#### ABOUT THIS TASK
Please give all of the data again, character for character, and drop the pictures.

Entries taken from a collection
----
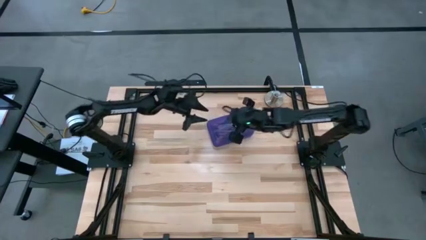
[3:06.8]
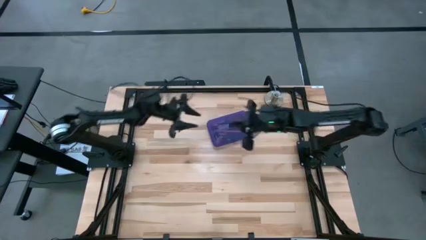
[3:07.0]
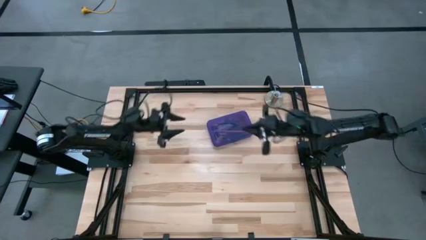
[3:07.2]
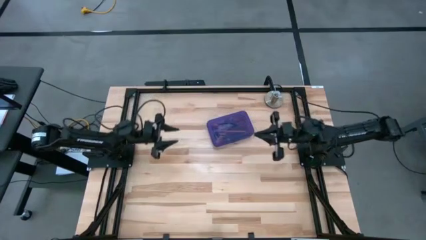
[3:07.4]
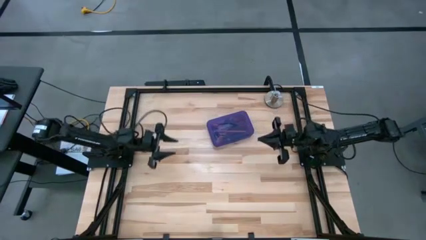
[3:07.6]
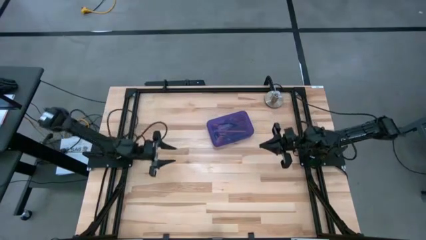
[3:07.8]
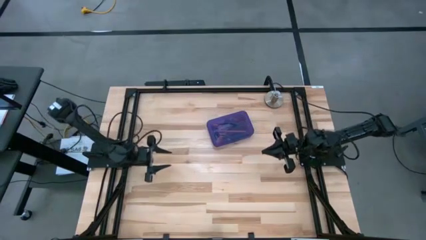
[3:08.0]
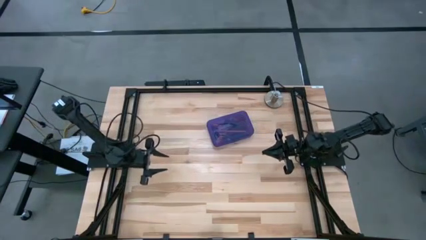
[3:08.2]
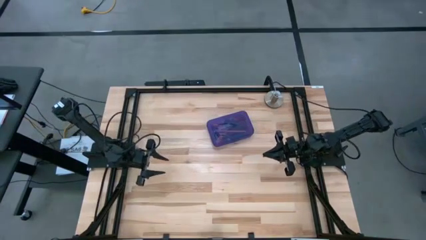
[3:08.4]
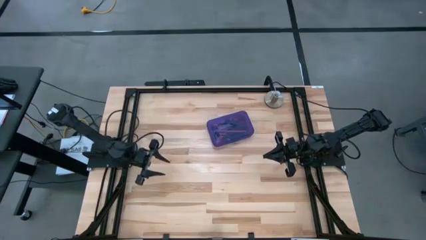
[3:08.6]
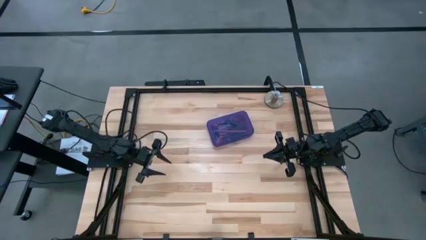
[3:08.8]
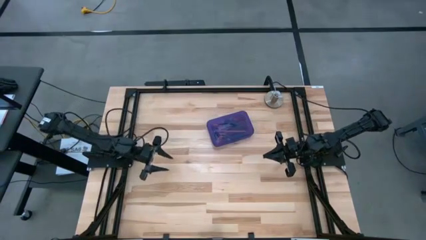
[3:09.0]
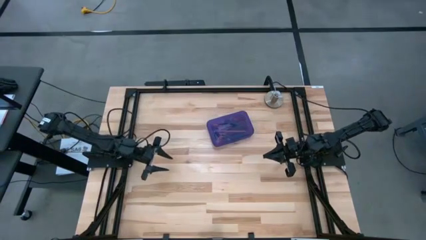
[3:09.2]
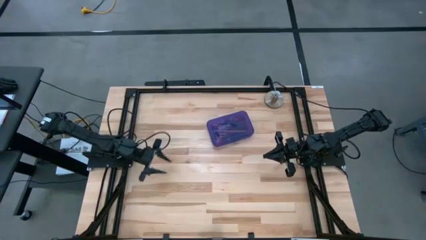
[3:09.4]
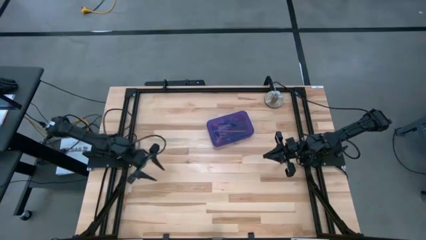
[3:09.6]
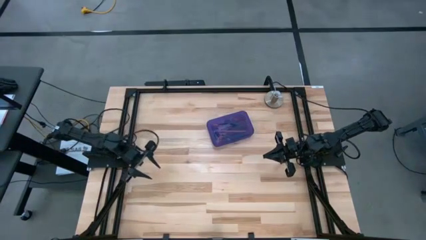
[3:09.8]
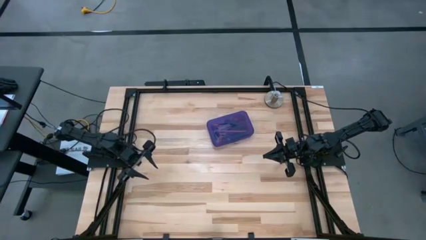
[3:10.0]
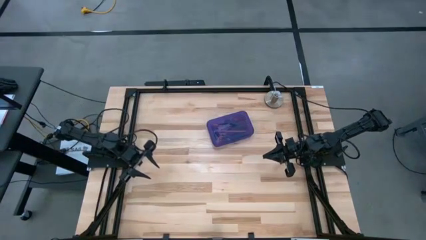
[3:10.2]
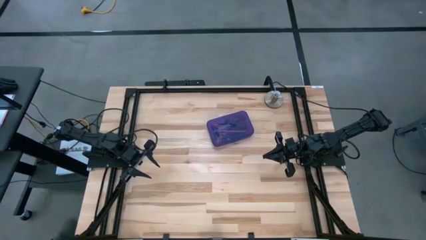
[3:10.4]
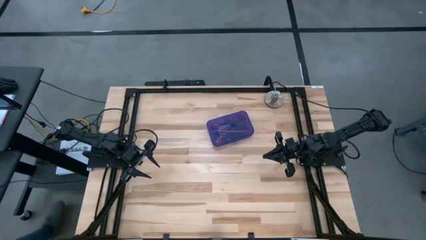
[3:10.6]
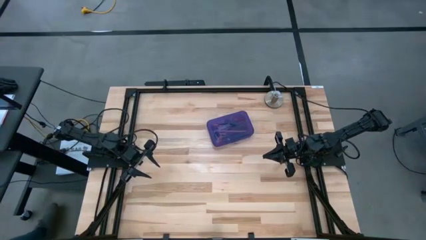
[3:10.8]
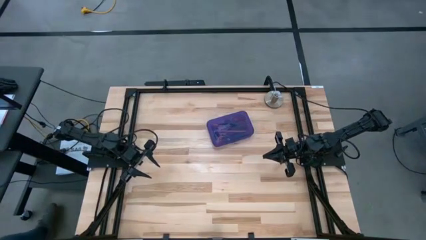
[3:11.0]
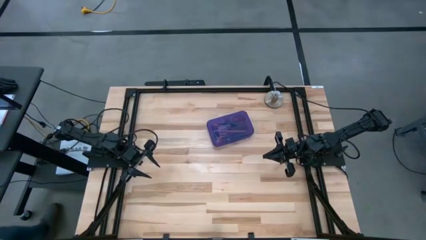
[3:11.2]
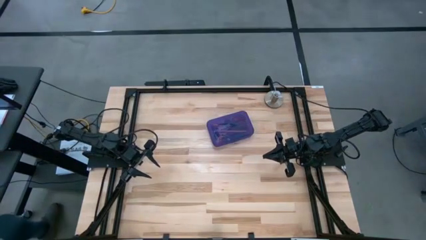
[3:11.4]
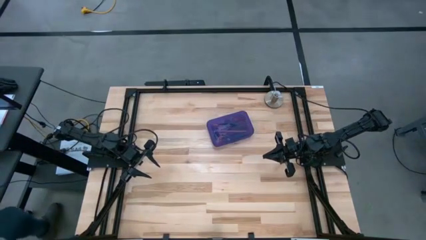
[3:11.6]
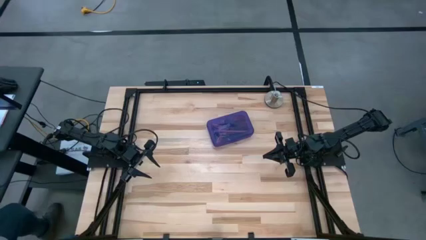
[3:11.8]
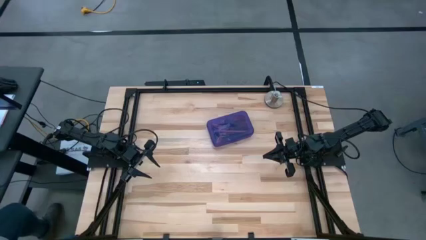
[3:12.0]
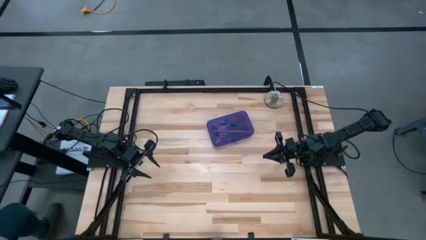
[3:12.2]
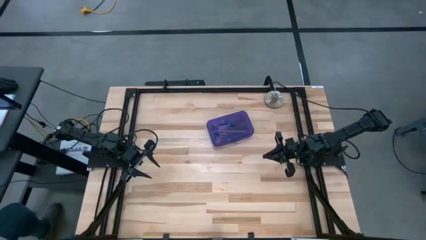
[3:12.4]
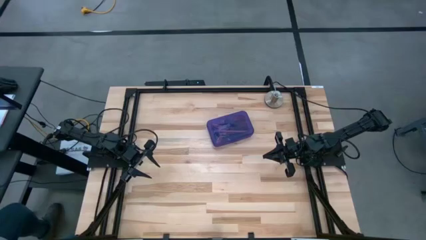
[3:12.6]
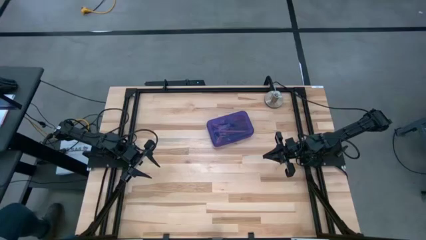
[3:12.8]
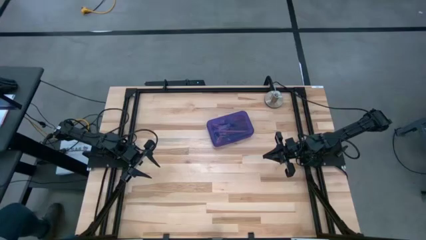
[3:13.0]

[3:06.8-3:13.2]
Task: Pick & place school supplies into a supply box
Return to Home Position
----
#### EXERCISE RESULT
[3:06.8]
[3:07.0]
[3:07.2]
[3:07.4]
[3:07.6]
[3:07.8]
[3:08.0]
[3:08.2]
[3:08.4]
[3:08.6]
[3:08.8]
[3:09.0]
[3:09.2]
[3:09.4]
[3:09.6]
[3:09.8]
[3:10.0]
[3:10.2]
[3:10.4]
[3:10.6]
[3:10.8]
[3:11.0]
[3:11.2]
[3:11.4]
[3:11.6]
[3:11.8]
[3:12.0]
[3:12.2]
[3:12.4]
[3:12.6]
[3:12.8]
[3:13.0]

[3:06.8-3:13.2]
Task: Pick & place school supplies into a supply box
Return to Home Position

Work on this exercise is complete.